American baseball player (1896–1968)

John Aloysius Heving (April 29, 1896 – December 24, 1968) was an American professional baseball catcher. He played all or part of eight season in Major League Baseball (MLB) for the St. Louis Browns, Boston Red Sox, and Philadelphia Athletics. His younger brother, Joe, was a major league pitcher from 1930 to 1945.

== Major league career ==

=== Browns and Red Sox ===
A non-power hitting backup catcher, Having reached the majors in 1920 with the St. Louis Browns, appearing in one game with them.
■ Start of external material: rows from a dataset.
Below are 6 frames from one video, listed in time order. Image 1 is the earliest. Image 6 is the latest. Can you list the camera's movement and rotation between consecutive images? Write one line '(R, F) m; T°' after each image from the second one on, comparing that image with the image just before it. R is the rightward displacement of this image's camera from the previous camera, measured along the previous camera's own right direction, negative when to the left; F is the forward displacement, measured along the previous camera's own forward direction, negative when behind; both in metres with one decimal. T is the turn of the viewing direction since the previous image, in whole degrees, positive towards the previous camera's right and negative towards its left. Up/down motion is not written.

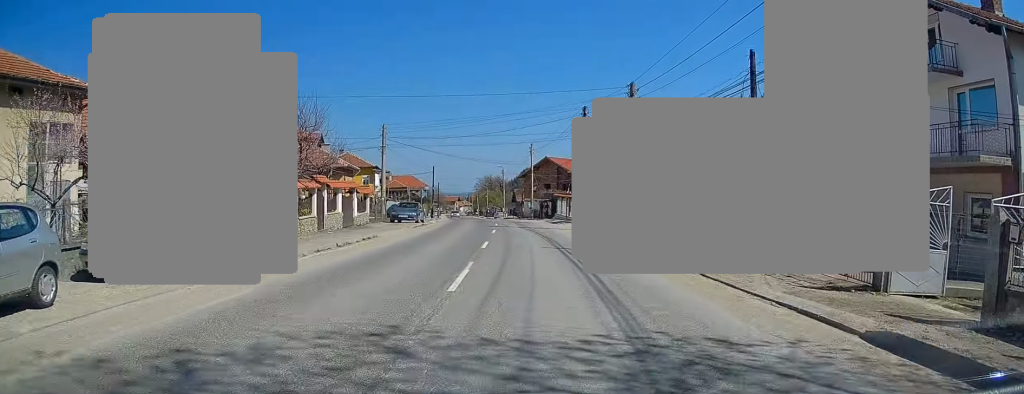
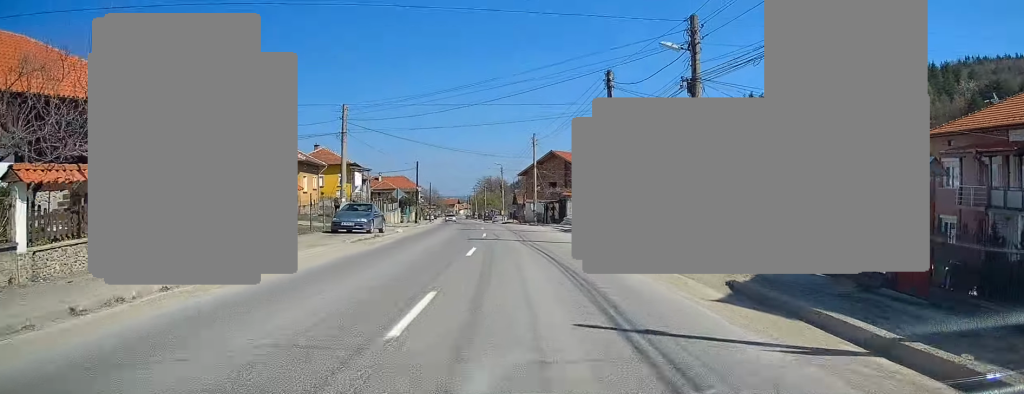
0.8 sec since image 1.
(0.0, +11.2) m; 0°
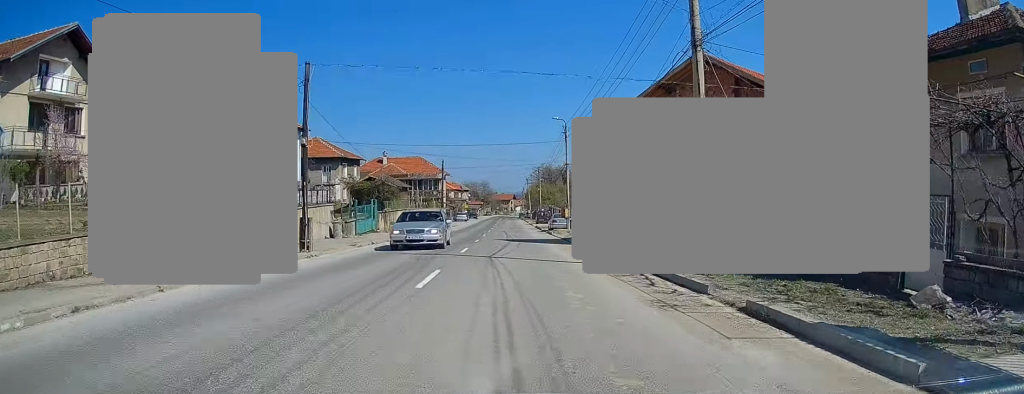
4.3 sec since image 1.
(-2.0, +39.5) m; -7°
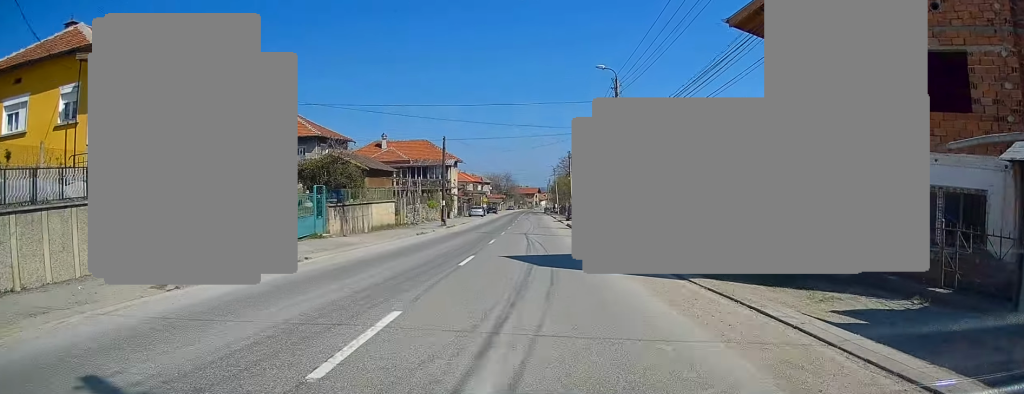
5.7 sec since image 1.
(-0.3, +14.2) m; -1°
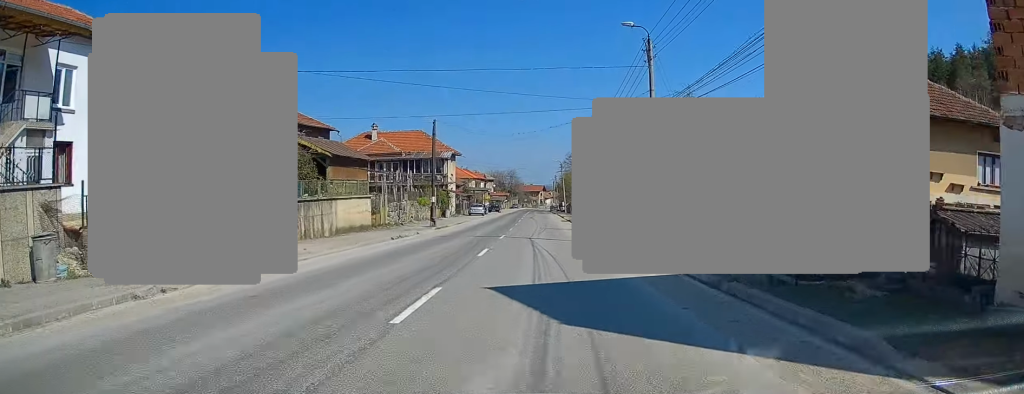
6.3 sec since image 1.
(+0.1, +6.9) m; +1°
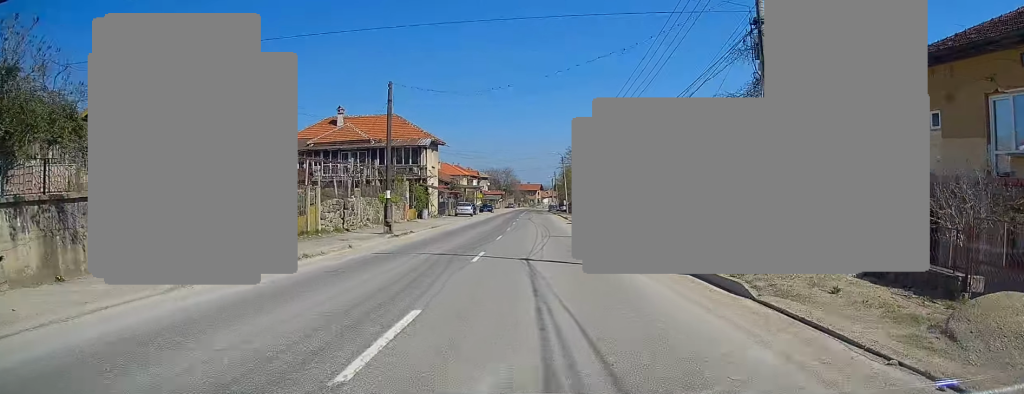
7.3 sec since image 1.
(+0.1, +11.4) m; 0°

He spent the next three seasons out of professional baseball before returning to the majors with the Boston Red Sox in 1924–25. After spending 1926–27 with the minor league Toledo Mud Hens, he returned to the Red Sox in 1928–30. His most productive season came in 1929 with Boston, when he posted career highs in batting average (.319) and runs batted in (23) in 76 games played.

=== Athletics ===
After the 1930 season, he was claimed on waivers by the Philadelphia Athletics, for whom he played in 1931–32. He hit his only major league home run for the A's on June 13, 1931, against his old team, the Browns, and pitcher Lefty Stewart.

== Minor leagues ==
In 1933, he returned to the minor leagues once again with the Toronto Maple Leafs. He continued to play on and off in the minors until 1946. From 1940 to 1942, he served as player-manager of the Salisbury Giants of the North Carolina State League.

In an eight-season major league career, Heving was a .265 hitter (261-for-985) with one home run and 90 RBI in 399 games.

Heving died in Salisbury, North Carolina, at the age of 72.